The double-blind, randomized, controlled study included 240 men and women with high cholesterol levels in China. During the 12-week trial, participants, already on a low-fat diet, were randomly chosen to receive either a placebo or a 375 mg soft gel capsule containing green and black tea extracts enriched with the antioxidant theaflavin.
The results, reported in the June 23 issue of "Archives of Internal Medicine," amazed lead author Dr. David J. Maron, associate professor of Medicine at Vanderbilt University Medical Center.
"Personally, I was very surprised," Maron said. "I expected, if anything, a very slight cholesterol-lowering effect. But what we saw was a 16 percent reduction in low density lipoprotein (LDL) cholesterol."
Tea is the second most widely consumed beverage worldwide. In the past, several epidemiologic studies had shown that tea consumption is associated with lower cholesterol. Experiments in animals have demonstrated that green tea, black tea, and flavonoids derived from green and black teas lower cholesterol. However, previous tea-drinking experiments in humans, as well as those experiments involving the administration of green tea extract, have failed to show any effects on cholesterol.

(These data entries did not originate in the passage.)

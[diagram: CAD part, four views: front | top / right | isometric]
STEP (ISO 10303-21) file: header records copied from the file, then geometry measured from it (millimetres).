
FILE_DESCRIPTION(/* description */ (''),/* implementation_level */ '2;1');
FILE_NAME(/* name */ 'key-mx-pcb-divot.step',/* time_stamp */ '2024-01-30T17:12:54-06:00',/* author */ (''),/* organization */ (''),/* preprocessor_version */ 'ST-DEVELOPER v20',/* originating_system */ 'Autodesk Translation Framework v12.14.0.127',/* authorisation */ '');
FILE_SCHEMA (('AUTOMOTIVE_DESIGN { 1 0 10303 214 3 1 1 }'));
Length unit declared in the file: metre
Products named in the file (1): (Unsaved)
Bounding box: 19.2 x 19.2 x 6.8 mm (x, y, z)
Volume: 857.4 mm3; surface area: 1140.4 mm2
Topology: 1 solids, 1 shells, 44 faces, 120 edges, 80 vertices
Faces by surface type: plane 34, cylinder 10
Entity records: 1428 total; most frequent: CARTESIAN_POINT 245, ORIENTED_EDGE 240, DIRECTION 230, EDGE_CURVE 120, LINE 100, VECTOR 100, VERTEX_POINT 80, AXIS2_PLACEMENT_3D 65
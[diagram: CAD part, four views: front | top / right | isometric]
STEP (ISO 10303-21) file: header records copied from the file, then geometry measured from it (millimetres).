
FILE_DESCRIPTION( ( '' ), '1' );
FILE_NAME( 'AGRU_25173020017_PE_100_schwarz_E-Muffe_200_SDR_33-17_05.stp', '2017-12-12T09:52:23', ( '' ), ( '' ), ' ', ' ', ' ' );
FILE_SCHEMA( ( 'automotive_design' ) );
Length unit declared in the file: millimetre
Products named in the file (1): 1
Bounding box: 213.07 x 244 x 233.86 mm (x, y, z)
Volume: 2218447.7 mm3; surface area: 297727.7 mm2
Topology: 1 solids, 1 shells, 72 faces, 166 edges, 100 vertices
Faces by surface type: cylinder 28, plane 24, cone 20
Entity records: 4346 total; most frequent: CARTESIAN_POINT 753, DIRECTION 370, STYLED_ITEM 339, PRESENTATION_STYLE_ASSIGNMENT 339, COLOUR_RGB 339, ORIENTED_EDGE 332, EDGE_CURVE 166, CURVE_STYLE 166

The 375 mg capsule used in this study is an extract made up of 75 mg of theaflavins (flavonoids from black tea), 150 mg of catechins (flavonoids from green tea) and 150 mg of other tea antioxidants called polyphenols. It is equivalent to 35 cups of high-quality black tea and seven cups of green tea.

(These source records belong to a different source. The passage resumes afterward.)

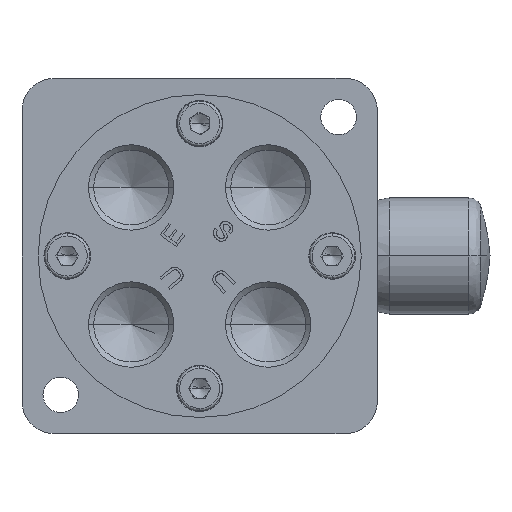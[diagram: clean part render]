
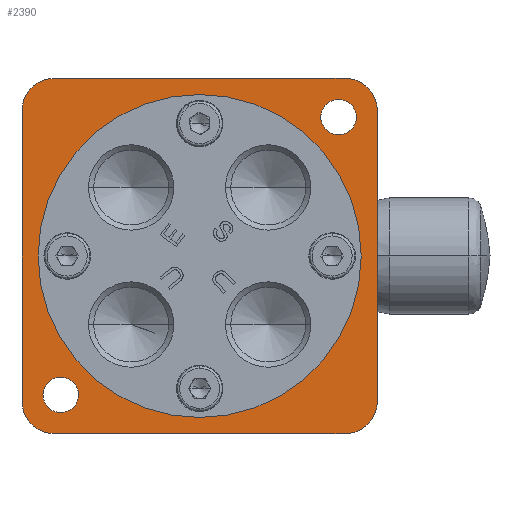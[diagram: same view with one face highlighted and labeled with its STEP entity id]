
A CAD part, front view. The second image highlights one B-rep face of the part: STEP entity #2390.
In plain terms, the highlighted planar face has unit normal (0, -1, 0).
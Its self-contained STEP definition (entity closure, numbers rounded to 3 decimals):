
#19 = ORIENTED_EDGE ( 'NONE', *, *, #29921, .T. ) ;
#383 = VERTEX_POINT ( 'NONE', #26368 ) ;
#737 = EDGE_CURVE ( 'NONE', #8964, #28911, #7485, .T. ) ;
#1017 = CIRCLE ( 'NONE', #6625, 5. ) ;
#1707 = CARTESIAN_POINT ( 'NONE',  ( 27.439, 41.543, 55.472 ) ) ;
#2164 = CARTESIAN_POINT ( 'NONE',  ( 5.939, 41.543, 33.972 ) ) ;
#2390 = ADVANCED_FACE ( 'NONE', ( #11198, #16173, #29874, #16957 ), #23462, .T. ) ;
#2403 = CIRCLE ( 'NONE', #28649, 25. ) ;
#2608 = EDGE_CURVE ( 'NONE', #8964, #27126, #23782, .T. ) ;
#2653 = CARTESIAN_POINT ( 'NONE',  ( 49.939, 41.543, 82.972 ) ) ;
#3242 = CARTESIAN_POINT ( 'NONE',  ( 54.939, 41.543, 27.972 ) ) ;
#3813 = EDGE_CURVE ( 'NONE', #15041, #30413, #22929, .T. ) ;
#3850 = DIRECTION ( 'NONE',  ( -1., 0., 0. ) ) ;
#4540 = CARTESIAN_POINT ( 'NONE',  ( -0.061, 41.543, 77.972 ) ) ;
#4603 = CARTESIAN_POINT ( 'NONE',  ( 2.439, 41.543, 55.472 ) ) ;
#4731 = AXIS2_PLACEMENT_3D ( 'NONE', #30179, #18500, #3850 ) ;
#4757 = VERTEX_POINT ( 'NONE', #12133 ) ;
#4872 = DIRECTION ( 'NONE',  ( 0., 1., 0. ) ) ;
#5000 = EDGE_CURVE ( 'NONE', #15629, #25594, #12540, .T. ) ;
#5616 = DIRECTION ( 'NONE',  ( -1., 0., 0. ) ) ;
#5917 = CARTESIAN_POINT ( 'NONE',  ( 46.189, 41.543, 76.972 ) ) ;
#6080 = DIRECTION ( 'NONE',  ( -1., 0., 0. ) ) ;
#6375 = DIRECTION ( 'NONE',  ( 1., 0., 0. ) ) ;
#6625 = AXIS2_PLACEMENT_3D ( 'NONE', #12643, #25225, #5616 ) ;
#7078 = DIRECTION ( 'NONE',  ( 0., 1., 0. ) ) ;
#7082 = DIRECTION ( 'NONE',  ( -1., 0., 0. ) ) ;
#7109 = EDGE_CURVE ( 'NONE', #17001, #27126, #1017, .T. ) ;
#7485 = CIRCLE ( 'NONE', #4731, 5. ) ;
#7500 = CIRCLE ( 'NONE', #13288, 2.75 ) ;
#8116 = CARTESIAN_POINT ( 'NONE',  ( 51.689, 41.543, 76.972 ) ) ;
#8254 = VERTEX_POINT ( 'NONE', #15402 ) ;
#8964 = VERTEX_POINT ( 'NONE', #26156 ) ;
#9006 = DIRECTION ( 'NONE',  ( -1., 0., 0. ) ) ;
#9079 = VERTEX_POINT ( 'NONE', #2653 ) ;
#9276 = CIRCLE ( 'NONE', #28451, 2.75 ) ;
#10548 = ORIENTED_EDGE ( 'NONE', *, *, #737, .F. ) ;
#10597 = LINE ( 'NONE', #28368, #29268 ) ;
#11198 = FACE_BOUND ( 'NONE', #13604, .T. ) ;
#11563 = DIRECTION ( 'NONE',  ( -1., 0., 0. ) ) ;
#11955 = ORIENTED_EDGE ( 'NONE', *, *, #20775, .F. ) ;
#12133 = CARTESIAN_POINT ( 'NONE',  ( 3.189, 41.543, 33.972 ) ) ;
#12228 = VECTOR ( 'NONE', #23156, 1000. ) ;
#12295 = CARTESIAN_POINT ( 'NONE',  ( 52.439, 41.543, 55.472 ) ) ;
#12540 = CIRCLE ( 'NONE', #21266, 2.75 ) ;
#12643 = CARTESIAN_POINT ( 'NONE',  ( 49.939, 41.543, 32.972 ) ) ;
#12772 = CARTESIAN_POINT ( 'NONE',  ( 49.939, 41.543, 77.972 ) ) ;
#13288 = AXIS2_PLACEMENT_3D ( 'NONE', #17022, #4872, #29130 ) ;
#13604 = EDGE_LOOP ( 'NONE', ( #31331, #24719 ) ) ;
#13959 = ORIENTED_EDGE ( 'NONE', *, *, #21528, .T. ) ;
#14157 = DIRECTION ( 'NONE',  ( 1., 0., 0. ) ) ;
#14447 = DIRECTION ( 'NONE',  ( 0., -1., 0. ) ) ;
#15041 = VERTEX_POINT ( 'NONE', #12295 ) ;
#15107 = EDGE_LOOP ( 'NONE', ( #19, #30804 ) ) ;
#15205 = ORIENTED_EDGE ( 'NONE', *, *, #20005, .F. ) ;
#15402 = CARTESIAN_POINT ( 'NONE',  ( 8.689, 41.543, 33.972 ) ) ;
#15629 = VERTEX_POINT ( 'NONE', #8116 ) ;
#15981 = EDGE_LOOP ( 'NONE', ( #13959, #22587 ) ) ;
#16052 = DIRECTION ( 'NONE',  ( 0., 1., 0. ) ) ;
#16173 = FACE_OUTER_BOUND ( 'NONE', #27300, .T. ) ;
#16880 = AXIS2_PLACEMENT_3D ( 'NONE', #21353, #28964, #14157 ) ;
#16957 = FACE_BOUND ( 'NONE', #15107, .T. ) ;
#17001 = VERTEX_POINT ( 'NONE', #27877 ) ;
#17022 = CARTESIAN_POINT ( 'NONE',  ( 48.939, 41.543, 76.972 ) ) ;
#17896 = CARTESIAN_POINT ( 'NONE',  ( 54.939, 41.543, 27.972 ) ) ;
#18315 = ORIENTED_EDGE ( 'NONE', *, *, #7109, .F. ) ;
#18500 = DIRECTION ( 'NONE',  ( 0., 1., 0. ) ) ;
#18760 = CARTESIAN_POINT ( 'NONE',  ( 4.939, 41.543, 77.972 ) ) ;
#19264 = DIRECTION ( 'NONE',  ( 0., 1., 0. ) ) ;
#19290 = CIRCLE ( 'NONE', #23447, 5. ) ;
#19631 = CIRCLE ( 'NONE', #27632, 2.75 ) ;
#19754 = EDGE_CURVE ( 'NONE', #8254, #4757, #9276, .T. ) ;
#19981 = AXIS2_PLACEMENT_3D ( 'NONE', #18760, #16052, #9006 ) ;
#20005 = EDGE_CURVE ( 'NONE', #26699, #30359, #20314, .T. ) ;
#20314 = CIRCLE ( 'NONE', #19981, 5. ) ;
#20775 = EDGE_CURVE ( 'NONE', #9079, #383, #19290, .T. ) ;
#21266 = AXIS2_PLACEMENT_3D ( 'NONE', #23742, #26178, #11563 ) ;
#21353 = CARTESIAN_POINT ( 'NONE',  ( 27.439, 41.543, 55.472 ) ) ;
#21528 = EDGE_CURVE ( 'NONE', #4757, #8254, #19631, .T. ) ;
#21678 = CARTESIAN_POINT ( 'NONE',  ( 5.939, 41.543, 33.972 ) ) ;
#21698 = DIRECTION ( 'NONE',  ( -1., 0., 0. ) ) ;
#21970 = EDGE_CURVE ( 'NONE', #30413, #15041, #2403, .T. ) ;
#22587 = ORIENTED_EDGE ( 'NONE', *, *, #19754, .T. ) ;
#22599 = EDGE_CURVE ( 'NONE', #9079, #30359, #31006, .T. ) ;
#22824 = ORIENTED_EDGE ( 'NONE', *, *, #27053, .T. ) ;
#22929 = CIRCLE ( 'NONE', #16880, 25. ) ;
#23026 = AXIS2_PLACEMENT_3D ( 'NONE', #1707, #14447, #31547 ) ;
#23061 = CARTESIAN_POINT ( 'NONE',  ( 49.939, 41.543, 27.972 ) ) ;
#23156 = DIRECTION ( 'NONE',  ( 0., 0., 1. ) ) ;
#23179 = DIRECTION ( 'NONE',  ( 1., 0., 0. ) ) ;
#23447 = AXIS2_PLACEMENT_3D ( 'NONE', #12772, #29916, #6080 ) ;
#23462 = PLANE ( 'NONE',  #23026 ) ;
#23742 = CARTESIAN_POINT ( 'NONE',  ( 48.939, 41.543, 76.972 ) ) ;
#23782 = LINE ( 'NONE', #17896, #24543 ) ;
#24208 = DIRECTION ( 'NONE',  ( -1., 0., 0. ) ) ;
#24438 = LINE ( 'NONE', #3242, #12228 ) ;
#24543 = VECTOR ( 'NONE', #23179, 1000. ) ;
#24719 = ORIENTED_EDGE ( 'NONE', *, *, #21970, .T. ) ;
#25198 = ORIENTED_EDGE ( 'NONE', *, *, #25284, .T. ) ;
#25225 = DIRECTION ( 'NONE',  ( 0., 1., 0. ) ) ;
#25284 = EDGE_CURVE ( 'NONE', #26699, #28911, #10597, .T. ) ;
#25594 = VERTEX_POINT ( 'NONE', #5917 ) ;
#26156 = CARTESIAN_POINT ( 'NONE',  ( 4.939, 41.543, 27.972 ) ) ;
#26170 = DIRECTION ( 'NONE',  ( 0., 1., 0. ) ) ;
#26178 = DIRECTION ( 'NONE',  ( 0., 1., 0. ) ) ;
#26368 = CARTESIAN_POINT ( 'NONE',  ( 54.939, 41.543, 77.972 ) ) ;
#26699 = VERTEX_POINT ( 'NONE', #4540 ) ;
#27053 = EDGE_CURVE ( 'NONE', #17001, #383, #24438, .T. ) ;
#27126 = VERTEX_POINT ( 'NONE', #23061 ) ;
#27300 = EDGE_LOOP ( 'NONE', ( #31137, #18315, #22824, #11955, #30845, #15205, #25198, #10548 ) ) ;
#27632 = AXIS2_PLACEMENT_3D ( 'NONE', #2164, #19264, #21698 ) ;
#27877 = CARTESIAN_POINT ( 'NONE',  ( 54.939, 41.543, 32.972 ) ) ;
#28368 = CARTESIAN_POINT ( 'NONE',  ( -0.061, 41.543, 27.972 ) ) ;
#28451 = AXIS2_PLACEMENT_3D ( 'NONE', #21678, #7078, #24208 ) ;
#28649 = AXIS2_PLACEMENT_3D ( 'NONE', #30979, #26170, #6375 ) ;
#28845 = CARTESIAN_POINT ( 'NONE',  ( 4.939, 41.543, 82.972 ) ) ;
#28911 = VERTEX_POINT ( 'NONE', #30325 ) ;
#28964 = DIRECTION ( 'NONE',  ( 0., 1., 0. ) ) ;
#29092 = CARTESIAN_POINT ( 'NONE',  ( 54.939, 41.543, 82.972 ) ) ;
#29130 = DIRECTION ( 'NONE',  ( -1., 0., 0. ) ) ;
#29268 = VECTOR ( 'NONE', #31319, 1000. ) ;
#29874 = FACE_BOUND ( 'NONE', #15981, .T. ) ;
#29916 = DIRECTION ( 'NONE',  ( 0., 1., 0. ) ) ;
#29921 = EDGE_CURVE ( 'NONE', #25594, #15629, #7500, .T. ) ;
#30179 = CARTESIAN_POINT ( 'NONE',  ( 4.939, 41.543, 32.972 ) ) ;
#30226 = VECTOR ( 'NONE', #7082, 1000. ) ;
#30325 = CARTESIAN_POINT ( 'NONE',  ( -0.061, 41.543, 32.972 ) ) ;
#30359 = VERTEX_POINT ( 'NONE', #28845 ) ;
#30413 = VERTEX_POINT ( 'NONE', #4603 ) ;
#30804 = ORIENTED_EDGE ( 'NONE', *, *, #5000, .T. ) ;
#30845 = ORIENTED_EDGE ( 'NONE', *, *, #22599, .T. ) ;
#30979 = CARTESIAN_POINT ( 'NONE',  ( 27.439, 41.543, 55.472 ) ) ;
#31006 = LINE ( 'NONE', #29092, #30226 ) ;
#31137 = ORIENTED_EDGE ( 'NONE', *, *, #2608, .T. ) ;
#31319 = DIRECTION ( 'NONE',  ( 0., 0., -1. ) ) ;
#31331 = ORIENTED_EDGE ( 'NONE', *, *, #3813, .T. ) ;
#31547 = DIRECTION ( 'NONE',  ( 1., 0., 0. ) ) ;

The National Cholesterol Education Program recommends eating a low-fat, low-cholesterol diet with more viscous fiber and switching from butter to margarine with the natural plant compound stanol, as the initial therapy for lowering LDL cholesterol in people without heart disease, said Maron.

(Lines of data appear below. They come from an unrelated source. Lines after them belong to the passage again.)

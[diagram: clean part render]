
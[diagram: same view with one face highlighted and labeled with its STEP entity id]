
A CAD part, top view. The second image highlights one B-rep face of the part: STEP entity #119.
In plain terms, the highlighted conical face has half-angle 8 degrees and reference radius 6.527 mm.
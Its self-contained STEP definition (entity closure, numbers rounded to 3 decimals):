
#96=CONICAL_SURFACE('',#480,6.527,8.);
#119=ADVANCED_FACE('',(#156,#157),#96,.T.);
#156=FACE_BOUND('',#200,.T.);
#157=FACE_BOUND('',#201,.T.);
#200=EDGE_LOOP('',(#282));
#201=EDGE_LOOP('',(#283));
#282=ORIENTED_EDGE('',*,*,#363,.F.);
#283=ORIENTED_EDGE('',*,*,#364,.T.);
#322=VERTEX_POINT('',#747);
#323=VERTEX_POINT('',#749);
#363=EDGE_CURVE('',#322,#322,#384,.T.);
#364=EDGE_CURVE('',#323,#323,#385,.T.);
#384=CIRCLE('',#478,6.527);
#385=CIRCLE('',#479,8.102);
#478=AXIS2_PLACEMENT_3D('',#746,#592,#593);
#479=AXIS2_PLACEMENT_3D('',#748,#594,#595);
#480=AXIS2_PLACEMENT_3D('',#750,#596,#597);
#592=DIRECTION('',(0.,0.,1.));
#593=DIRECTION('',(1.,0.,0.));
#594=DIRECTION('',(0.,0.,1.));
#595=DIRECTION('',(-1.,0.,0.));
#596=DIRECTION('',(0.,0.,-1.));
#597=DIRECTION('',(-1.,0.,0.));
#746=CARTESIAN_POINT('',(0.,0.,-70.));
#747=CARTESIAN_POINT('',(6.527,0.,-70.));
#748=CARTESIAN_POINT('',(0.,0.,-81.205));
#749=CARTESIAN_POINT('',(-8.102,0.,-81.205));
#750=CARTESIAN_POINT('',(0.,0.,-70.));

Maron said there is a need to identify additional non-drug options for lowering cholesterol that have sufficient safety and efficacy data. There is also a need to find products that are more practical for the consumer than viscous fiber and foods made with plant stanols, he said.
Maron applauds the process by which the extract was evaluated.
"The present study represents the first step in establishing the practicality, safety and LDL-lowering ability of this tea product," Maron said.
While pleased with the initial outcomes, he recommends further testing to determine long-term safety, the effective dosing range, the impact when the extract is taken with lipid medication (especially statins) and the adaptability to other ethnic and patient groups.
"Although the results are exciting, we do not want people to take the extract in place of their medications," he said. "Unlike statins, this product has not been proven to prevent heart attacks or stroke, or to prolong life. The study shows that the tea extract is a useful adjunct to lowering LDL in people with high cholesterol already on a low-fat diet."